The work, which has roots in an MIT undergraduate teaching laboratory, "completes a piece of our understanding of a process very fundamental to life," said Graham Walker, MIT professor of biology and senior author of a paper on the work that will appear in the March 22 online edition of Nature.
Vitamin B12 is produced by soil microbes that live in symbiotic relationships with plant roots. During the 1980s, an undergraduate research course taught by Walker resulted in a novel method for identifying mutant strains of a soil microbe that could not form a symbiotic relationship with a plant.
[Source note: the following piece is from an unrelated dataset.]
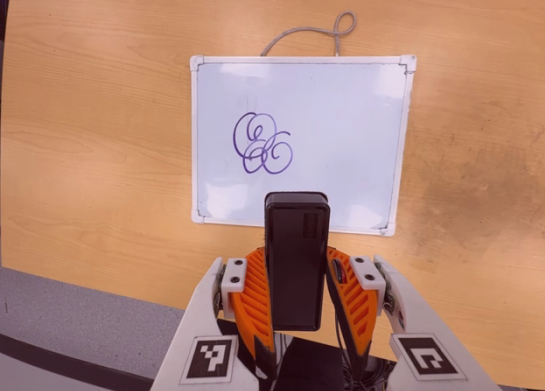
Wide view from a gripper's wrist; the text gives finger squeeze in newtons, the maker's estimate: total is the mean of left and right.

Walker's team has now found that one such mutant has a defective form of an enzyme known as BluB that leaves it unable to synthesize B12.
BluB catalyzes the formation of the B12 fragment known as DMB, which joins with another fragment, produced by a separate pathway, to form the vitamin. One of several possible reasons why it took so long to identify BluB is that some bacteria lacking the enzyme can form DMB through an alternate pathway, Walker said.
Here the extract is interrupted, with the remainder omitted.